We use a simplified SL-GEP to generate a new algorithm with CL-FEM named CL-GEP. To demonstrate the superiority of CL-GEP, we make comparisons with the algorithm named DB-GEP, which embeds the mainstream fitness evaluation mechanism DB-FEM. The proposed CL-GEP not only is more convenient and practical, but also gets more promising results. When solving equations with complex features, the CL-GEP can get a higher success rate. What’s more, the O(ND) examination time consumption makes the proposed CL-FEM much faster than the DB-FEM. Most significantly, the proposed algorithm can handle problems with sparse datasets, which can not be tackled by the DB-FEM.

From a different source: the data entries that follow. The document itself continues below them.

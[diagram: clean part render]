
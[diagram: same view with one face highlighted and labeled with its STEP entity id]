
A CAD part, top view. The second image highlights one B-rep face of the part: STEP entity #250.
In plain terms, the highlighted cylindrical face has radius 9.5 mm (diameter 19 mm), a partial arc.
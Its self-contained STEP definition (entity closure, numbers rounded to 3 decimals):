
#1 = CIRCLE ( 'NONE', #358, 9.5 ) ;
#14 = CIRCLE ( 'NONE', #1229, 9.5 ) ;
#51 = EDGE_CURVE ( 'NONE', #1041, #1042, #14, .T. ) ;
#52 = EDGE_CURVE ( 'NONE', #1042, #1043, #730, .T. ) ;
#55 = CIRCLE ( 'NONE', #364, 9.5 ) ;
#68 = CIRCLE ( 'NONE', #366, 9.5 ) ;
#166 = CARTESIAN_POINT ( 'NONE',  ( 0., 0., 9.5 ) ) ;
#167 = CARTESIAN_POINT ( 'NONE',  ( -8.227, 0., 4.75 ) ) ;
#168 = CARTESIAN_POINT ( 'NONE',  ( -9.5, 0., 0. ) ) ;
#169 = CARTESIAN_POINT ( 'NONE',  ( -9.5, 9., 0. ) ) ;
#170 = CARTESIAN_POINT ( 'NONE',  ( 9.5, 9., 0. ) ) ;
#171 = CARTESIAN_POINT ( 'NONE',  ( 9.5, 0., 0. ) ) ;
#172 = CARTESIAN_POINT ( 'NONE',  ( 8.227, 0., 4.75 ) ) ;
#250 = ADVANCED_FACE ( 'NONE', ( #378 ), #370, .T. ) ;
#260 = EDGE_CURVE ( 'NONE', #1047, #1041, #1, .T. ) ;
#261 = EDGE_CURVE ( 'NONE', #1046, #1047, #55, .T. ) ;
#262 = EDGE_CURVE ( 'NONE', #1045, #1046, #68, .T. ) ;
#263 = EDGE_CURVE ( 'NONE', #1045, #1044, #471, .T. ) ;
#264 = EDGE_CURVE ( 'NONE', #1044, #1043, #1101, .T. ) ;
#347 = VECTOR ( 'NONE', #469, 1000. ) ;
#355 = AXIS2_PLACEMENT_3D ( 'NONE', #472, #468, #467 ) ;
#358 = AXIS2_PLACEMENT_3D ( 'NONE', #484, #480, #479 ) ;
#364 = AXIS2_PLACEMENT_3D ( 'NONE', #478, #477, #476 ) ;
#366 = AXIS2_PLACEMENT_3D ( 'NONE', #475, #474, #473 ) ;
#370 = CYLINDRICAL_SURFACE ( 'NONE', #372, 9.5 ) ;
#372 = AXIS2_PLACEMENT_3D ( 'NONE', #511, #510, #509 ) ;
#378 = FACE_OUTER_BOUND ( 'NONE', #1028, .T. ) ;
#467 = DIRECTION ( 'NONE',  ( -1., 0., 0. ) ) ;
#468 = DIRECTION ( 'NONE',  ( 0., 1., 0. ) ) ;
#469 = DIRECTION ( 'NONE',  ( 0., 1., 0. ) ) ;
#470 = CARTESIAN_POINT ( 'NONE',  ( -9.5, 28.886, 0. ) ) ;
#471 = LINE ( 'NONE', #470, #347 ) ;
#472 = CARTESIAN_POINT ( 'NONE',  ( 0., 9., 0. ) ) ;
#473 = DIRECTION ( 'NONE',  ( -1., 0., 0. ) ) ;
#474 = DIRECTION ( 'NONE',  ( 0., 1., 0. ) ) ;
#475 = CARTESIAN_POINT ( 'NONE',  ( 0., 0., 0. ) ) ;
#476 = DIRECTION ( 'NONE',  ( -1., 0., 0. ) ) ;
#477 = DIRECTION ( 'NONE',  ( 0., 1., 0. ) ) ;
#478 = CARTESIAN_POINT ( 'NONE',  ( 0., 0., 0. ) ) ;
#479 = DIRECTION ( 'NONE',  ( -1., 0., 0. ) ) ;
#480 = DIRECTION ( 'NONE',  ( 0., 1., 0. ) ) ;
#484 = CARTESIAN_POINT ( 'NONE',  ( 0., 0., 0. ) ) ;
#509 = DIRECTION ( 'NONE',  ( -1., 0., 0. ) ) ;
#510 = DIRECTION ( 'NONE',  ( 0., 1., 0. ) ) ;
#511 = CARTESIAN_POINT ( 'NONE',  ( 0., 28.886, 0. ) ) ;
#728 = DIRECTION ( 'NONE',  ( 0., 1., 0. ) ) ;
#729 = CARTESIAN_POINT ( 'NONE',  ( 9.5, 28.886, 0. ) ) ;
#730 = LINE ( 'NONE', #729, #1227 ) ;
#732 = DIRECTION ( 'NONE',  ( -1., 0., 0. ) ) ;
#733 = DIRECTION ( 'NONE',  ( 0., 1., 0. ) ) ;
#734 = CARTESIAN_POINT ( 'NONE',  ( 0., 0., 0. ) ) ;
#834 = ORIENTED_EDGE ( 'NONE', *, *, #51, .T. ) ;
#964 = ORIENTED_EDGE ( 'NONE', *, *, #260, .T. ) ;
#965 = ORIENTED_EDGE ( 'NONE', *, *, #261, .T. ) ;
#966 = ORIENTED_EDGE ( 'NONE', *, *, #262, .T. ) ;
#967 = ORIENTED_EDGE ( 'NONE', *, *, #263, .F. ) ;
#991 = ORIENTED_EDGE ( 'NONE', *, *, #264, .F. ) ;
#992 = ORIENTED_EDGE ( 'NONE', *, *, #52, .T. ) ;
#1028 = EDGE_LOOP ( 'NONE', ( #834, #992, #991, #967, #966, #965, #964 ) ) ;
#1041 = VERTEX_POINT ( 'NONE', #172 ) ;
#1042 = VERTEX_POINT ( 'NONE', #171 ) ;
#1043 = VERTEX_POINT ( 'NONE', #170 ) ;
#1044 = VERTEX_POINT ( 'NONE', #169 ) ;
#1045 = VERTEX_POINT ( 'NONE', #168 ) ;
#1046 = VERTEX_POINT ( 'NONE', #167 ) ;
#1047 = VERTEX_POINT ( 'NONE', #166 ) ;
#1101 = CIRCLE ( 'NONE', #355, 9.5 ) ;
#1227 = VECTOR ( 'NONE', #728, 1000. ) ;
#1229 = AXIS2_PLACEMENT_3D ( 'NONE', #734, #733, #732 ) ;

Nevertheless, there exists some weaknesses of the proposed CL-GEP, one of which is the deficient capability of solving problems with datasets consisting of small value data, which means avoiding being trapped in local optima caused by multiple multiplication. There are also some other interesting research directions. One direction is to enhance the capability of finding proper constant by combining other evolutionary algorithms. Another direction is to reduce the complexity of the output to make it more readable and comprehensible. We can consider incorporating the multiobjective optimization or other techniques to make it more practical in applications.